Guardians Rally Late, Force Decisive Game 3 with 6-1 Win Over Tigers

When Guardians reliever Cade Smith’s 31st and final pitch was lined straight into the glove of a leaping C.J. Kayfus to end the ninth inning Wednesday night, Progressive Field erupted in a sea of red. Smith pumped his fist, catcher Bo Naylor raced to the mound, and the Guardians gathered in celebration — relief and defiance wrapped into one.

This Cleveland team, which stormed back from a 15 ½-game deficit to win the AL Central in September, once again proved its resilience. Down to their final outs of the season, the Guardians delivered a furious eighth-inning rally to defeat the Detroit Tigers 6-1 in Game 2 of the American League Wild Card Series. The victory forces a decisive Game 3 on Thursday night, with the winner advancing to face the Seattle Mariners in the ALDS.

“We’ve been fighting with our backs against the wall for a long time,” manager Stephen Vogt said. “Tonight was just another example of what this team is all about.”

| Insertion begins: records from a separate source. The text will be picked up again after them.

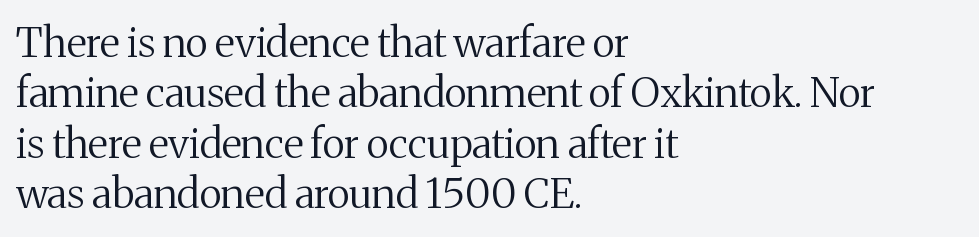
Q: Is the text bold? A: No.
Q: Is the text italic (slanted)? A: No, it is upright.
Q: Is the typeface a serif or a sans-serif typeface? A: Serif.
Q: Is the text underlined? A: No.
Q: How is the paragraph aligned? A: Left-aligned.
Q: Is the spacing between letters normal or unusually wide? A: Normal.
Q: Width (condensed, normal, or wide)? A: Normal.
Q: Stroke contrast? A: Medium.
Q: x-height? A: Medium.
Q: Monospaced? A: No.

The Guardians’ surge came after seven innings of offensive futility. Aside from George Valera’s solo homer in the first — his first career postseason blast — and a Kayfus single in the fifth, Cleveland managed virtually nothing against Detroit pitching. Making his MLB debut on baseball’s biggest stage, rookie Chase DeLauter worked a walk, while José Ramírez added two of his own. But for most of the night, the bats were silent.

Meanwhile, Detroit kept putting runners on base — 15 in total — but couldn’t land the decisive blow. Hunter Gaddis and Tim Herrin combined to wriggle out of jams, none bigger than Herrin’s seventh-inning escape when he struck out two Tigers with runners at the corners.

That set the stage for the eighth. Brayan Rocchio led off against reliever Troy Melton, who had been tagged for a late homer by Ramírez in a September matchup. Before stepping in, Rocchio got a piece of advice from his All-Star teammate: Look for the fastball. Melton delivered one at 99.9 mph, middle-in. Rocchio didn’t miss, crushing it into the right-field seats for a go-ahead two-run shot — the first time in franchise postseason history that Cleveland hit a go-ahead home run in the eighth inning or later when facing elimination.

The Guardians weren’t done. Steven Kwan and Daniel Schneemann laced back-to-back doubles, and after Melton issued an intentional walk to Ramírez, Bo Naylor capped the eruption with a towering three-run homer off Brant Hurter. Naylor pounded his chest as he rounded first, the crowd of 26,669 roaring in unison.

That five-run frame flipped the script and gave Cleveland all the momentum heading into Thursday’s winner-take-all finale.

“We’ve been counted out all year,” Rocchio said. “But this team never quits. We’re still here.”

The Guardians know the odds: of the 20 teams who lost Game 1 in a Wild Card Series, only four had ever forced a Game 3 — all at home. Just two (the 2020 A’s and Padres) came back to win. But this Cleveland club has been defined by defying odds.

With the season on the line once again Thursday, the Guardians will lean on the same mentality that carried them from the brink of irrelevance to the doorstep of the ALDS.

“Everything we’ve done this year has prepared us for this,” Ramírez said. “We’re ready for tomorrow.”